Gray delayed his retirement as deputy editor in order to assist Conor Brady, whose appointment as editor in December 1986 coincided with the departure of a number of experienced senior staff. Brady, initially reluctant to accept this arrangement, later recalled: 'I never made a better decision than I did to agree…He was a tower of strength and wisdom' (Brady, Up with the Times, 60). Gray deputised for Brady in his absence and took charge of editorial budgets, editorial personnel matters and legal business; and supported Brady in dealing with matters of detail at board and Irish Times Trust meetings. In October 1990, when the Irish Times obtained a tape recording of Brian Lenihan (qv) stating (in contradiction to his public utterances) that he had phoned President Patrick Hillery (1923–2008) during the 1982 political controversy surrounding the dissolution of the dáil, Gray played a significant advisory role in the paper's handling of the tape, which in turn affected the outcome of the 1990 presidential election.

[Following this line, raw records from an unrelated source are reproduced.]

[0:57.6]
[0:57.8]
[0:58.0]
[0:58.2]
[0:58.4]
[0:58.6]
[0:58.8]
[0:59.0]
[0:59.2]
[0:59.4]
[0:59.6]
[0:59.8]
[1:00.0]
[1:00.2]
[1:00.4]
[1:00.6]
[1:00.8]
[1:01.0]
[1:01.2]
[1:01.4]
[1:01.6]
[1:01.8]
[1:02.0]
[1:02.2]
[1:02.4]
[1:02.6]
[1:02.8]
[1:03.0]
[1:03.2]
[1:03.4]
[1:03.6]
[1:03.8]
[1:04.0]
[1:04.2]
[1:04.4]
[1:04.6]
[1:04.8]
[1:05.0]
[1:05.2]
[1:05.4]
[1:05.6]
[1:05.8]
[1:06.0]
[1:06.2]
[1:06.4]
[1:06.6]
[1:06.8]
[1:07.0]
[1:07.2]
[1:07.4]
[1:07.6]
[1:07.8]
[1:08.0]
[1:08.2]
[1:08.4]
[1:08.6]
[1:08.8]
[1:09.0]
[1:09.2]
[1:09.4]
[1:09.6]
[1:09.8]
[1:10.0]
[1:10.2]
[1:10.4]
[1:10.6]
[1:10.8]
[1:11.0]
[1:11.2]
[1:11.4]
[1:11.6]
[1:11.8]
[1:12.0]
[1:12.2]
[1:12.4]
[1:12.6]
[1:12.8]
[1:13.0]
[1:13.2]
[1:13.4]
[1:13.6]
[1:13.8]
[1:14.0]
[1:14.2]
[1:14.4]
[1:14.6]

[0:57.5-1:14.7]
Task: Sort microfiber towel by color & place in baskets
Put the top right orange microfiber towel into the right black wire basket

Gray finally retired as deputy editor in 1991 though he remained a director of the Irish Times until 1998. His value as an elder statesman was reflected in his appointment in 1995 to a committee (consisting of two representatives from the board and two from the editorial committee) which went on to advise on a method for making appointments to senior managerial positions, thereby allaying concerns that had been expressed about such appointments.
In retirement Ken Gray became a proficient water‑colour painter. He had developed an interest in horse riding as a boy; he exercised horses on Sandymount Strand and features in Laurence Olivier's film Henry V (filmed in Wicklow) as an extra in the cavalry charge; he continued to ride for most of his life. He was also involved in amateur drama and theatre appreciation, and became a student of architecture and an aficionado of fly‑fishing.
In 1950 Ken Gray married Hazel Dagg, an Irish champion swimmer; they had two daughters and a son. He died of cancer in St Michael's Hospital, Dún Laoghaire, on 20 May 2002. In 'An Irishman's diary' tribute, Kevin Myers spoke of him as almost the last living link with the virtues of the old Dublin protestant professional classes, one who used his deep and hard‑earned knowledge of every aspect of the paper's workings to 'invisibly bring various strands of its operation together. He was the incorruptible rock of this newspaper, steady under pressure, unswerving in his adherence to his own principles, fierce in the defence of values which he thought this newspaper represented' (Irish Times, 24 May 2002).